Materiały prasowe / HCT Championships
Materiały prasowe / HCT Championships

Zakończyły się mistrzostwa drugiego sezonu Hearthstone. Tym samym poznaliśmy kolejną czwórkę uczestników tegorocznych mistrzostw świata. Wśród nich, aż trójka wywodzi się z regionu amerykańskiego.

Dość zaskakujący przebieg miały minione mistrzostwa. W Hearthstone od dawna dominuje Europa. W pierwszych mistrzostwach, na cztery dostępne miejsca, trzy zajęli Europejczycy. W turnieju Chiny - Europa, gracze z naszego kontynentu nie pozostawili złudzeń kto jest mocniejszy, zajmując 7 z 8 najwyższych miejsc. Tym razem natomiast, żaden z graczy teoretycznie najmocniejszego regionu nie zdołał zapewnić sobie awansu.

Największe nadzieje pokładane były w osobie "Sintolola", który był zdecydowanie najbardziej doświadczonym oraz utytułowanym graczem z Europy. Tutaj niestety bardzo pechowo dla niego ułożyła się drabinka, gdyż w meczu decydującym o awansie spotkał on "JustSaiyana" - zdecydowanie najlepszego gracza na świecie w ostatnich miesiącach. Amerykanin pewnie zwyciężył, potwierdzając opinie, że był murowanym faworytem do awansu.

Poza wspomnianym "JustSaiyanem", z NA w top4 znaleźli się również "Languagehacker" oraz "Bloodyface", którzy dość niespodziewanie zmierzyli się ze sobą w finale, gdzie lepszy okazał się ten pierwszy. Rozgrywki półfinałowe oraz finałowe, są jednak tak naprawdę znacznie mniej naładowane emocjami, gdyż co prawda są różnice w nagrodach finansowych, jednakże celem nadrzędnym każdego gracza jest znalezienie się w top4, które zapewnia miejsce na mistrzostwach.

Ostatnim graczem, któremu udało się wywalczyć miejsce na najważniejszym turnieju roku, jest reprezentant Tajwanu "BloodTrail". Jest to tym bardziej zasłużone, że był to jedyny gracz, który grał także na mistrzostwach sezonu pierwszego, gdzie jednak musiał uznać wyższość Polaka - "A83650".

Póki co, jest to jedyny reprezentant Azji, któremu udało się zakwalifikować. Na poprzednich finałach w najlepszej czwórce znalazła się trójka Europejczyków oraz Amerykanin - teraz zaś, to gracze zza oceanu wysunęli się na prowadzenie, jeżeli chodzi o liczebność na najważniejszym turnieju.

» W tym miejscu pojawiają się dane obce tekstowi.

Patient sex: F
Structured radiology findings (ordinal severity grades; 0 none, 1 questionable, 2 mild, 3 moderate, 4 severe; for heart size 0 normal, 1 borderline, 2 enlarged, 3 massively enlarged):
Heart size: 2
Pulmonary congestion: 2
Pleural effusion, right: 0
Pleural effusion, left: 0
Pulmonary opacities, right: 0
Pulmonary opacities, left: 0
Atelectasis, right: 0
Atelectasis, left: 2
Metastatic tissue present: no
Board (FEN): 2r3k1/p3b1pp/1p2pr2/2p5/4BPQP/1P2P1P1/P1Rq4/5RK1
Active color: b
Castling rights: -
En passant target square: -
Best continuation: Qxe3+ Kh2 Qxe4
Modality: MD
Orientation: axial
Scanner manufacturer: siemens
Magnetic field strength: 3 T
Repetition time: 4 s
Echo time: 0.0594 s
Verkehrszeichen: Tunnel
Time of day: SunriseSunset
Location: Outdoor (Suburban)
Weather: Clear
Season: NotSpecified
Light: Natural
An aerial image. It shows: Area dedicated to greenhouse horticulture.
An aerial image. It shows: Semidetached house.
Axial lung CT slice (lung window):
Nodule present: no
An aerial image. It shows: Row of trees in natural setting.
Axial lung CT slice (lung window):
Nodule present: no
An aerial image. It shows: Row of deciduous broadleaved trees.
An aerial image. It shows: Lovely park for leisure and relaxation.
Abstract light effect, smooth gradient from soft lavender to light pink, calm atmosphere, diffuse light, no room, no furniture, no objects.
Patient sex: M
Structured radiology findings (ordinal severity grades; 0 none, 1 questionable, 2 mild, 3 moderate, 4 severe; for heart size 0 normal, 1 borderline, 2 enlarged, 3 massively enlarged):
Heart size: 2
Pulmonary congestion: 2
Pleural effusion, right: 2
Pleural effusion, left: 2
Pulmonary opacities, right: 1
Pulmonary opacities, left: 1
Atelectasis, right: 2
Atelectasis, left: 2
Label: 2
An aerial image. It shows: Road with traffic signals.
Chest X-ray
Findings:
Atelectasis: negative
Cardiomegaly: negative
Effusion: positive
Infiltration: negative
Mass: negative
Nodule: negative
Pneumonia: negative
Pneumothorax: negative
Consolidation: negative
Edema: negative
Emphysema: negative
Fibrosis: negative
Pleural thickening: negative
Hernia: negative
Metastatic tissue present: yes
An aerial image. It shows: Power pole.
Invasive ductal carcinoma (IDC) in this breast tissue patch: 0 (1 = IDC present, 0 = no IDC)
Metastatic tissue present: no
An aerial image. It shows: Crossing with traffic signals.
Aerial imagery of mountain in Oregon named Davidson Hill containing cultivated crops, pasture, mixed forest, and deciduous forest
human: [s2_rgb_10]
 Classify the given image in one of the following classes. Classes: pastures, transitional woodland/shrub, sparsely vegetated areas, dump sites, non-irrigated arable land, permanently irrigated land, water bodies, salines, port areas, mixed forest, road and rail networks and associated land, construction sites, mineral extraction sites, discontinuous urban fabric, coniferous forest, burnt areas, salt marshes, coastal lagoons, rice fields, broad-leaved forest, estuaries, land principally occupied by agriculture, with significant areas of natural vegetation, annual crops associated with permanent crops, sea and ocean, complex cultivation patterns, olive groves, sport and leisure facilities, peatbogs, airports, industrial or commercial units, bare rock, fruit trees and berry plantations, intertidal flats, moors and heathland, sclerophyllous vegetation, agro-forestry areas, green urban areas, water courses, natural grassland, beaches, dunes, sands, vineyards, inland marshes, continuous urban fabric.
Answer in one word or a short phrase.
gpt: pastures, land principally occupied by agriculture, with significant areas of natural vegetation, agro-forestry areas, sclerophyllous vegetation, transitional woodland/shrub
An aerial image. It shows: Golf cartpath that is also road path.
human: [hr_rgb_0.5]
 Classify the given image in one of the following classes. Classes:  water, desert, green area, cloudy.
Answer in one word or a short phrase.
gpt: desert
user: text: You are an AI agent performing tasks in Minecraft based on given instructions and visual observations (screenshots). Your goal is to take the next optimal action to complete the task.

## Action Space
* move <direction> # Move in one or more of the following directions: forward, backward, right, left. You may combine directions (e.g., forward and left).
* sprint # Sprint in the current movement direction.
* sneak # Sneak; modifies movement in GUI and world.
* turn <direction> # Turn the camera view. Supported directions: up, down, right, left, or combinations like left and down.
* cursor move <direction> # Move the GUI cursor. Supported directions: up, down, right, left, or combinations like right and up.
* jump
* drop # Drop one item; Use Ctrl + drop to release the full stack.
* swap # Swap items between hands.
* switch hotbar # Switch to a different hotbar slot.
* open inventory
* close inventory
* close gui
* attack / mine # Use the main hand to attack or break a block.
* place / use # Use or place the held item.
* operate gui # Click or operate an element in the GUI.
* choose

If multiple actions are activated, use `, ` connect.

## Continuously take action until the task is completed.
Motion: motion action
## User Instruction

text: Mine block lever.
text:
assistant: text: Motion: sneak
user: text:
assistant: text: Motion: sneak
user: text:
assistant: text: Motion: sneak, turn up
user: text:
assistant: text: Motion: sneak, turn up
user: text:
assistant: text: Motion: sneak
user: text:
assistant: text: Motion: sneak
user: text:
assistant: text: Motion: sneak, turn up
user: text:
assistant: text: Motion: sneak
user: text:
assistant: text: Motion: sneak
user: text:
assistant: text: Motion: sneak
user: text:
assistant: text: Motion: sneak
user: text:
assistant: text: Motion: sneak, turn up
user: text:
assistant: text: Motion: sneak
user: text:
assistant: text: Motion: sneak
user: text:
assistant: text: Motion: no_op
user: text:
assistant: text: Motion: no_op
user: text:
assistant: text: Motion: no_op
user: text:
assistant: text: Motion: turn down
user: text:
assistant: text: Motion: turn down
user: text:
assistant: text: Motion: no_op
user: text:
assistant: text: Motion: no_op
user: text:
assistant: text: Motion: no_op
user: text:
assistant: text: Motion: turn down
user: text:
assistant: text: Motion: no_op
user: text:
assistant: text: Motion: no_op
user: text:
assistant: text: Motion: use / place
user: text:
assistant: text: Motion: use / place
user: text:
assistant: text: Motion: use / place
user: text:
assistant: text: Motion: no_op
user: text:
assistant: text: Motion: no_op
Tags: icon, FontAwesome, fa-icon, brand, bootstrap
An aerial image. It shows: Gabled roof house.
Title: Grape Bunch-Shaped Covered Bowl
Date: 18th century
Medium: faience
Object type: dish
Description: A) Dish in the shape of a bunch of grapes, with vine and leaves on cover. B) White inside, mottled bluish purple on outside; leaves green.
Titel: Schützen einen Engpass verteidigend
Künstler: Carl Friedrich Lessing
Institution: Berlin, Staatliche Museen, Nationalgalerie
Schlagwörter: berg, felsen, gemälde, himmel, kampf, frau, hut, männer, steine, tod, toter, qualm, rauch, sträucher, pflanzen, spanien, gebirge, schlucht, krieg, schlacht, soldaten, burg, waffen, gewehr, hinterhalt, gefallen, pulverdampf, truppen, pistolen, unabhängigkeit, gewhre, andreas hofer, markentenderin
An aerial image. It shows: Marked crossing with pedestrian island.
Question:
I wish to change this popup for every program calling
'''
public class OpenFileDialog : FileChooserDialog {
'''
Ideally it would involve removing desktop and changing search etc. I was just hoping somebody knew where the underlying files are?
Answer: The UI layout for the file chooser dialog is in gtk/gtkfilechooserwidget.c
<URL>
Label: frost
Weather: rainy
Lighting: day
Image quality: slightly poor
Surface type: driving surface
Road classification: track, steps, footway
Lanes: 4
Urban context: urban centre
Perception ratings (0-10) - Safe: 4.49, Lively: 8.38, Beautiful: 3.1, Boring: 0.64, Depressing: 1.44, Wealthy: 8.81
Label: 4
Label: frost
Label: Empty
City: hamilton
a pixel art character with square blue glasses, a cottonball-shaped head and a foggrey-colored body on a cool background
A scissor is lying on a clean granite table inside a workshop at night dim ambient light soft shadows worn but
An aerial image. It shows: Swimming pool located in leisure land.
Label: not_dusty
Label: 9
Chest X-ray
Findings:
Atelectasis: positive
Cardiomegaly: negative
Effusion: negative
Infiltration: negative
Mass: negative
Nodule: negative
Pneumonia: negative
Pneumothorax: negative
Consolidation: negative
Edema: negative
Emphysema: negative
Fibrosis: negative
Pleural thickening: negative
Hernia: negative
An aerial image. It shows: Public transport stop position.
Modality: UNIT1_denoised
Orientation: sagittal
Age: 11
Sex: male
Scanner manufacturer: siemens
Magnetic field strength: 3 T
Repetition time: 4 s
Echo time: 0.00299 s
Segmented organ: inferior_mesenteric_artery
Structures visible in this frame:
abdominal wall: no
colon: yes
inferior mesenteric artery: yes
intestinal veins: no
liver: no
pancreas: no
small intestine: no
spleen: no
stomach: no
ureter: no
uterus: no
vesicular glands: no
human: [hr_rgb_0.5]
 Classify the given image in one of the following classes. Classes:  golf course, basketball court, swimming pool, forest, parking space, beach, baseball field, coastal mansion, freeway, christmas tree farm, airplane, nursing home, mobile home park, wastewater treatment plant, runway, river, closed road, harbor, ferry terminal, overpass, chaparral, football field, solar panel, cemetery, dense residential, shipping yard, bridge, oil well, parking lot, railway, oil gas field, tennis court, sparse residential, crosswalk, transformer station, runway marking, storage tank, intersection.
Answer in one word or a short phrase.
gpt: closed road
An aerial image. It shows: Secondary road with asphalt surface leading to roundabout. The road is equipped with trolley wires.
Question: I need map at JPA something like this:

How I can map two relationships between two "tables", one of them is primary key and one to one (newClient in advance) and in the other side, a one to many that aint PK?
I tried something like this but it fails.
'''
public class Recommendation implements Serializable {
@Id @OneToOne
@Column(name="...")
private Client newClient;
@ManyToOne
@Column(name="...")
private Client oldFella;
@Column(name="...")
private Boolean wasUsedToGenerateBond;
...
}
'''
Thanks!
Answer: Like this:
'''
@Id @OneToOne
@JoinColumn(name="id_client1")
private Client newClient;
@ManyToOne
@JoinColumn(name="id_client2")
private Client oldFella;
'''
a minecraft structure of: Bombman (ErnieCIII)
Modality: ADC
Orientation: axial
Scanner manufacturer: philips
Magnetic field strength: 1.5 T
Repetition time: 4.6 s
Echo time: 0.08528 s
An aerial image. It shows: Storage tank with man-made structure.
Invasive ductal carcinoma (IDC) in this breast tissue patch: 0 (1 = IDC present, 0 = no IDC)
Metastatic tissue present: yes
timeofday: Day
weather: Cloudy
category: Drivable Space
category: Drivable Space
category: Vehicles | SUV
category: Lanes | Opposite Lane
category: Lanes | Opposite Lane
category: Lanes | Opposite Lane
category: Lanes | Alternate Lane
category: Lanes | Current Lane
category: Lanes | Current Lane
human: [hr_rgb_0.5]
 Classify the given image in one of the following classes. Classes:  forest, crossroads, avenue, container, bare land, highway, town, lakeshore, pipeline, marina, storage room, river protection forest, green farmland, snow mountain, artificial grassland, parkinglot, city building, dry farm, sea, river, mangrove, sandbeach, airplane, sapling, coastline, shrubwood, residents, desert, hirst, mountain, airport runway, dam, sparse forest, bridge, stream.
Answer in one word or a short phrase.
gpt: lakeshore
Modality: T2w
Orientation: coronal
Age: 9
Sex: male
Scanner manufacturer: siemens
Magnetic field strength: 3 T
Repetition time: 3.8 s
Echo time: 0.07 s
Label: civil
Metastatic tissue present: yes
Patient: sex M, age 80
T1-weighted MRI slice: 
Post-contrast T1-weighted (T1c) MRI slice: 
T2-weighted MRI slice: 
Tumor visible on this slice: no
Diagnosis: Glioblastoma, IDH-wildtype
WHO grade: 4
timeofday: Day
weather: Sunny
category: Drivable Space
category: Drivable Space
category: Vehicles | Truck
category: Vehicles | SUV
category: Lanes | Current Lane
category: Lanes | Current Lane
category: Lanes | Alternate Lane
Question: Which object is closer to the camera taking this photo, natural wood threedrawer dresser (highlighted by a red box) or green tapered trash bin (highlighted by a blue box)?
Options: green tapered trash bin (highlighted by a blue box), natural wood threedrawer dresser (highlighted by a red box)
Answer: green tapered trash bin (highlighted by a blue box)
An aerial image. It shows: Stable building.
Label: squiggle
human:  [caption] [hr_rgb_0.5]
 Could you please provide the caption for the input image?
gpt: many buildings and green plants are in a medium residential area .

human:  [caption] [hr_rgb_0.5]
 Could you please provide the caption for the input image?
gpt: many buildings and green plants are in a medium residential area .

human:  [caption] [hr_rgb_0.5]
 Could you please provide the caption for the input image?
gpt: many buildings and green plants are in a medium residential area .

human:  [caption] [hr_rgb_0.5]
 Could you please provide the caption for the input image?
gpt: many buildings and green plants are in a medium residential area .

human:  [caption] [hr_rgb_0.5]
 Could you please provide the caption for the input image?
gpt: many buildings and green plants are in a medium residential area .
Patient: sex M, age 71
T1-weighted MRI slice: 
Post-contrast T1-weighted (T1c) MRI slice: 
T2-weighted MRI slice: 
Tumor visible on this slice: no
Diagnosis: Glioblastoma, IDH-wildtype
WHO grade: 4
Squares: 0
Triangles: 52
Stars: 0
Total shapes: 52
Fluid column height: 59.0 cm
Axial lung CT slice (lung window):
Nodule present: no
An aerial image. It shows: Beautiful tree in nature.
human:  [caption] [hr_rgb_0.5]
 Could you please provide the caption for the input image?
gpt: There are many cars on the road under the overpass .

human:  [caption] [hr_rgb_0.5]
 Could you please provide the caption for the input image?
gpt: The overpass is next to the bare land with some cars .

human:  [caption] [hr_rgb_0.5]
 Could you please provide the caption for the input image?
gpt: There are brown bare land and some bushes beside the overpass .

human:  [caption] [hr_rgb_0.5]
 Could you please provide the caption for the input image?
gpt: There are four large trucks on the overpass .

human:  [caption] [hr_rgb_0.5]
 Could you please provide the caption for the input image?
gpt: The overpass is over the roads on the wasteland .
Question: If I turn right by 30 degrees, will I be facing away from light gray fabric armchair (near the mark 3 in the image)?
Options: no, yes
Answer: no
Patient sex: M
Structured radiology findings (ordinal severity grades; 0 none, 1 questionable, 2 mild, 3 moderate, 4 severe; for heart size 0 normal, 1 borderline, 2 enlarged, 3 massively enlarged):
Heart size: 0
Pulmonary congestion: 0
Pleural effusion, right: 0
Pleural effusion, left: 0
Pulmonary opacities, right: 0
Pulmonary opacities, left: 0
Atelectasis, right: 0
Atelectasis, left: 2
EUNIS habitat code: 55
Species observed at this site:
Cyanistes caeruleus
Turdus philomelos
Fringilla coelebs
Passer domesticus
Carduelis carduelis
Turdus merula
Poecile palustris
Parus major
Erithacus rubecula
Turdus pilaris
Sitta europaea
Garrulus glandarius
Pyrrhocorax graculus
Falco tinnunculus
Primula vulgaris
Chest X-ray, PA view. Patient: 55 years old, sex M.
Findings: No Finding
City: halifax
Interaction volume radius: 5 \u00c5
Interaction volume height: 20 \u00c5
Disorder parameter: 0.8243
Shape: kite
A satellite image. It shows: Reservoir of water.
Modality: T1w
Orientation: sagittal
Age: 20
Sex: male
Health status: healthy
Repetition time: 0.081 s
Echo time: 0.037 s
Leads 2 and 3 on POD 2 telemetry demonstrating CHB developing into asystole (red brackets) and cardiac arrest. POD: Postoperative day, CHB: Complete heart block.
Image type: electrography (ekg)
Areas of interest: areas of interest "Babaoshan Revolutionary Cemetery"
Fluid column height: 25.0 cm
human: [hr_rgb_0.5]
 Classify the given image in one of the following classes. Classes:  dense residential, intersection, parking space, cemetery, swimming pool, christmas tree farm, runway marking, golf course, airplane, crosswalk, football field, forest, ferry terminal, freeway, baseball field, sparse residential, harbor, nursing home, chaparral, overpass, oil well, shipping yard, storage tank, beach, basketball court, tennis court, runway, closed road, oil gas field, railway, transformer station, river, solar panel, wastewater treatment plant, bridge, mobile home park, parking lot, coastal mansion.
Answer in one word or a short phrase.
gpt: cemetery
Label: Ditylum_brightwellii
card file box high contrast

Coraz więcej graczy natomiast irytuje fakt, że z racji osobnego serwera, Chinom przysługuje taka sama liczba miejsc jak innym regionom. Jest to rzeczywiście nie do końca sprawiedliwe patrząc na poziom prezentowany przez tamtejszych graczy. Uwzględniając jednakże na to, jak dużym rynkiem jest Państwo Środka, oraz jak duża część publiki pochodzi właśnie stamtąd, wątpliwe jest, aby Blizzard zamierzał coś w tej kwestii zmienić.

ZOBACZ WIDEO "TaZ" w CS jak Kubiak w siatkówce? "Mogę tylko podziękować za takie porównanie"

Komentarze (0)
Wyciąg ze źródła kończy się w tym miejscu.